Директриса сразу же позвонила Мишкиной маме:
- Мария Борисовна, знаете ли Вы песню «Гоп-стоп Зоя, так кажется?, - (Еще бы не знать, если к трем куплетам этой бандитской песни 20-х годов именно Мария Борисовна и никто иной приписала еще пять, и доказала, что по сравнению с ней тюремные зеки были наивными и неискушенными гимназистками).
- Ну пожалуйста, ну если можно, он больше не будет, я ему все объясню.
- Объясните? Что Вы ему объясните?! – волновалась директриса, - немедленно забирайте его отсюда!
- Ну хоть до вечера!
- Нет, нет, нет, ни секунды. Я запрещаю ему контактировать с другими детьми!
А пока Мария Борисовна ехала забирать сына, молоденькая воспитательница, приставленная сторожить Мишу и охранять от него других детей, попросила его еще раз тихонечко напеть ту самую песню. Петь Миша согласился, но когда они зашли в пустую комнату, он вытащил табуретку на середину, залез на нее и оттуда в полный голос проорал: «Я ль тебя не xолил, я ль тебя не шмолил, я ль тебя, паскуду, не любил». Воспитательница, ежеминутно оглядываясь и нервничая, строчила слова песни в блокнот. Закончив, Миша слез, поставил табуретку в угол и сел ждать маму, иногда плюясь через отверстие между передними зубами прямо на изображение друга детей – Феликса Дзержинского.
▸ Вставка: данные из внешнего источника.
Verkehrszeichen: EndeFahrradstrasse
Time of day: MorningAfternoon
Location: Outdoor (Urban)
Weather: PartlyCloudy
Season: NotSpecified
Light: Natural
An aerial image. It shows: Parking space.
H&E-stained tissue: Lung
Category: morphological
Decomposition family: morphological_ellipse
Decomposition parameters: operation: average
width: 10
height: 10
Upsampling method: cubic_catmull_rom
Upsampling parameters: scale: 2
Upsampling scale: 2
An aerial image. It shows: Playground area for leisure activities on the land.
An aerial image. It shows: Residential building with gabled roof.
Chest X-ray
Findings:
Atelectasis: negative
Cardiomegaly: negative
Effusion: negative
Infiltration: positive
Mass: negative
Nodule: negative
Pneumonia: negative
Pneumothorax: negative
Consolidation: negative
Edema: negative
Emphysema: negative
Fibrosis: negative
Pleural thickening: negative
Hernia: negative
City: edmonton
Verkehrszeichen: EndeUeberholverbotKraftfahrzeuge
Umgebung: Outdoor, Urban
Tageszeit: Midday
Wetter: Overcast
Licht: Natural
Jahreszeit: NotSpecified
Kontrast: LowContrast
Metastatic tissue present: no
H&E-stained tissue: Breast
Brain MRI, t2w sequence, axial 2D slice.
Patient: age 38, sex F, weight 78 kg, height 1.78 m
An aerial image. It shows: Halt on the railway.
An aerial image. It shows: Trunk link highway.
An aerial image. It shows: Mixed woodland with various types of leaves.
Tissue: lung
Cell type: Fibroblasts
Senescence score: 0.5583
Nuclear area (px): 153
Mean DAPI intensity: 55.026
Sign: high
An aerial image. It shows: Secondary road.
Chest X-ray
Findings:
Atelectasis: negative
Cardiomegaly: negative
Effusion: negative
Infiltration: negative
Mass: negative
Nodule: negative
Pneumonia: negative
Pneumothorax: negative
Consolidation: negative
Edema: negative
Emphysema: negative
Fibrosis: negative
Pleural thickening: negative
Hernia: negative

Итак, вот они, герои моего детства – сначала атлет Вигдорчик в запорошенной снегом Вайенге, затем ехидный Мишка в Летнем саду на велосипеде. Вот он крутит педалями по тропинкам моей памяти. А теперь простодушный Коля Горохов, мой школьный друг, сосед по парте, моя пара на переменках. Коля Горохов, готовый всегда доесть винегрет, взятый в школьном буфете. Коля Горохов, мама которого научила его говорить, будто их дедушка приехал из Италии строить город Петербург, и остался здесь жить, женившись на русской, поэтому он, Коля, так смугл, черен волосами, длиннонос и похож на еврея.
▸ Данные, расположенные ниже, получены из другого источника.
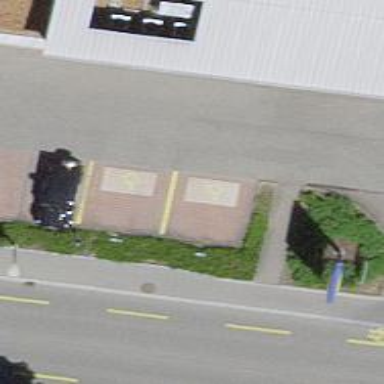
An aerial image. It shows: Designated parking space for disabled individuals.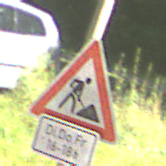
Verkehrszeichen: Arbeitsstelle
Zusatzzeichen unten: ZeitangabenMitBeschraenkungAufWochentage3
Umgebung: Outdoor, RoadRail
Tageszeit: Midday
Wetter: Clear
Licht: Natural
Jahreszeit: NotSpecified
Kontrast: HighContrast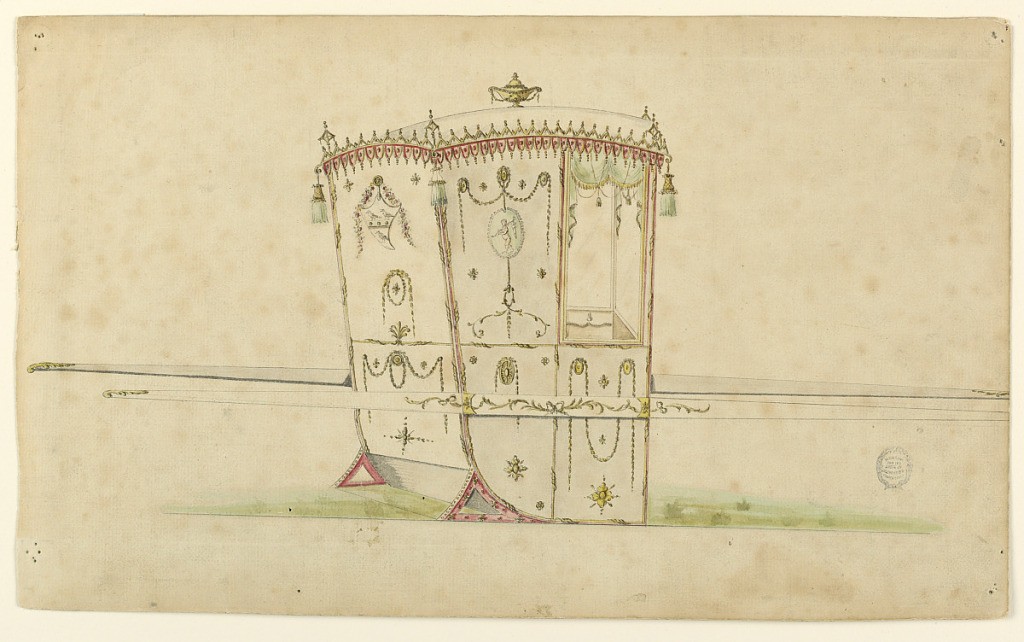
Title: Design for a Sedan Chair
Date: ca. 1775
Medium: Pen and black ink; brush and red, green yellow and gray watercolor over graphite on heavy, textured cream laid paperboard
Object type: Drawing
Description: Three-quarter view of a sedan chair diminutively decorated with cartouches  containing bird and cupid, and circular medallions with chain-like swags. Tassels hang at corners of roof line and an urn draped with swags crowns the roof.
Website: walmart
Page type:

Ах, Коля, Коля Горохов с папой Йоффе, с добрым, старым, уютным папой, придумавшим специальные машины для починки высоких ленинградских фонарей. Мы так радовались, когда видели на улице эти машины. Мы говорили всем-всем: «Смотрите, эти машины придумал папа нашего одноклассника Горохова, Иосиф Израилевич Йоффе». Эй, итальянец, отзовись! В какой ешиве чертили твои предки мистические знаки каббалы?